→ **The task**: Before you reproduce the entries that follow, strip out any image they contain and keep the rest exact.

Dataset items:
|---|

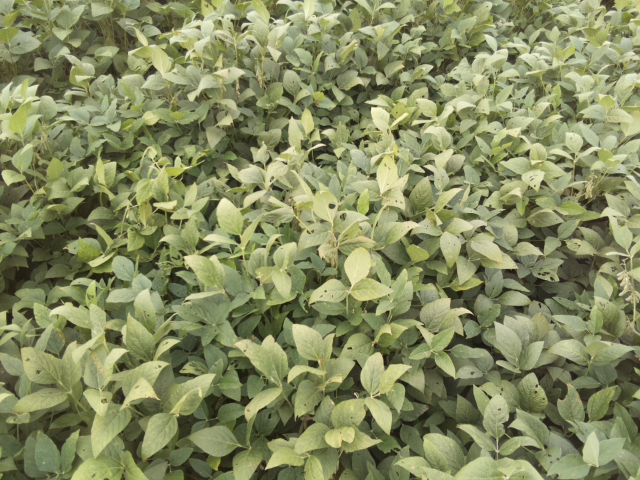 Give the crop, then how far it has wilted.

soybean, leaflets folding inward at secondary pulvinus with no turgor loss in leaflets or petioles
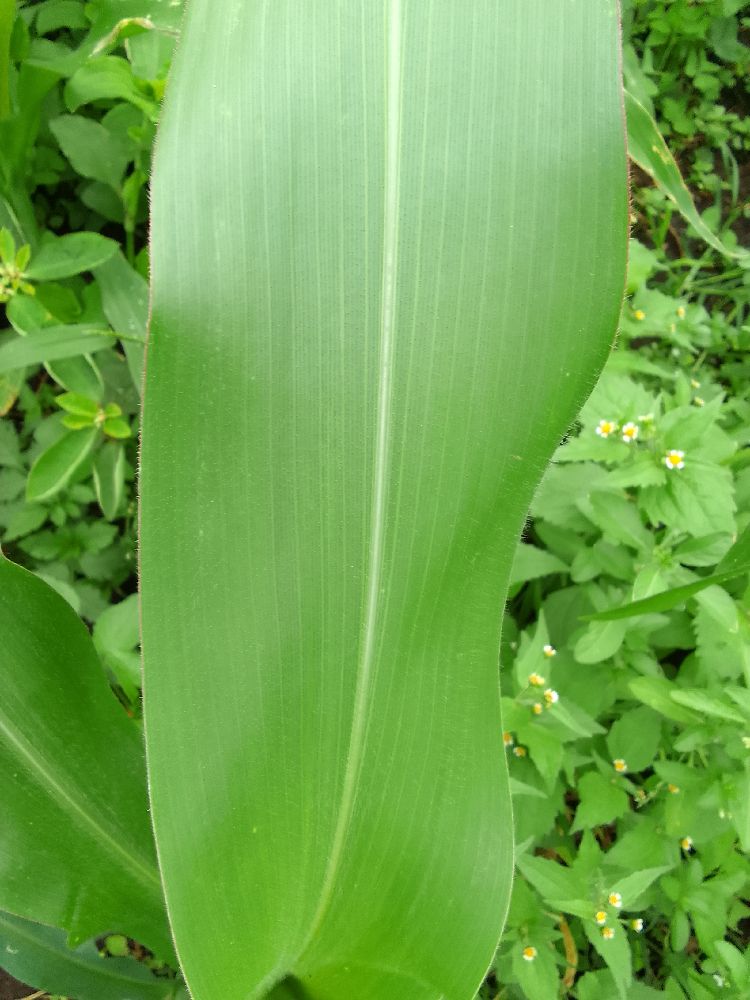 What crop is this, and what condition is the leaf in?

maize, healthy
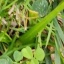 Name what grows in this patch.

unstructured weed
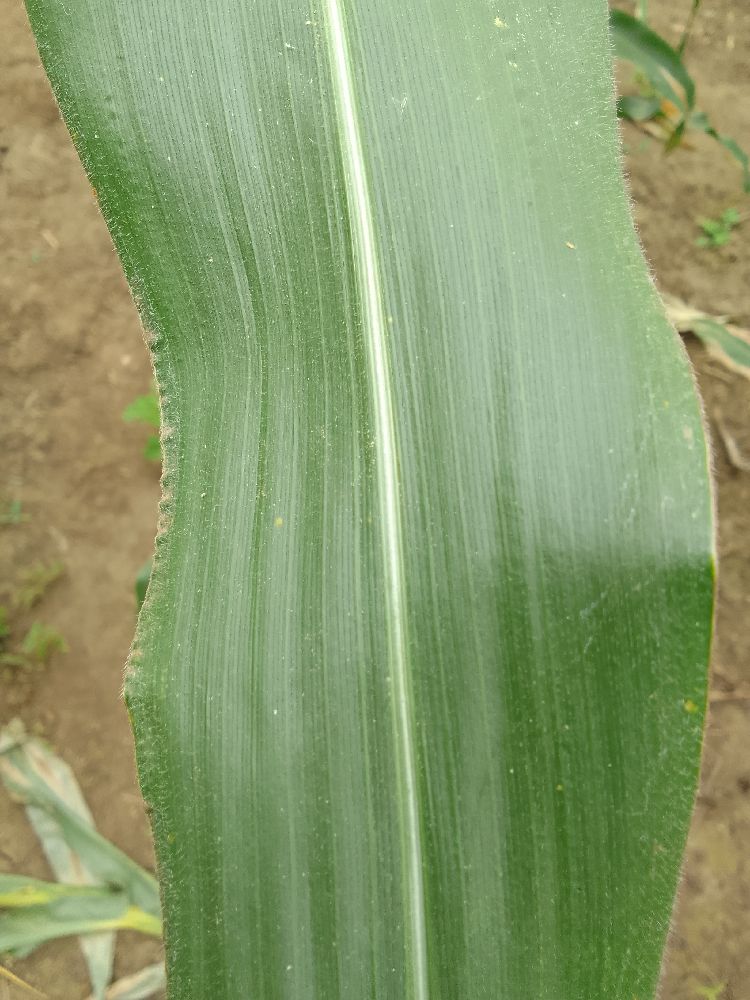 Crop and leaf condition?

|---|

→ **Answer for this exercise**:
 Give the crop, then how far it has wilted.

soybean, leaflets folding inward at secondary pulvinus with no turgor loss in leaflets or petioles
 What crop is this, and what condition is the leaf in?

maize, healthy
 Name what grows in this patch.

unstructured weed
 Crop and leaf condition?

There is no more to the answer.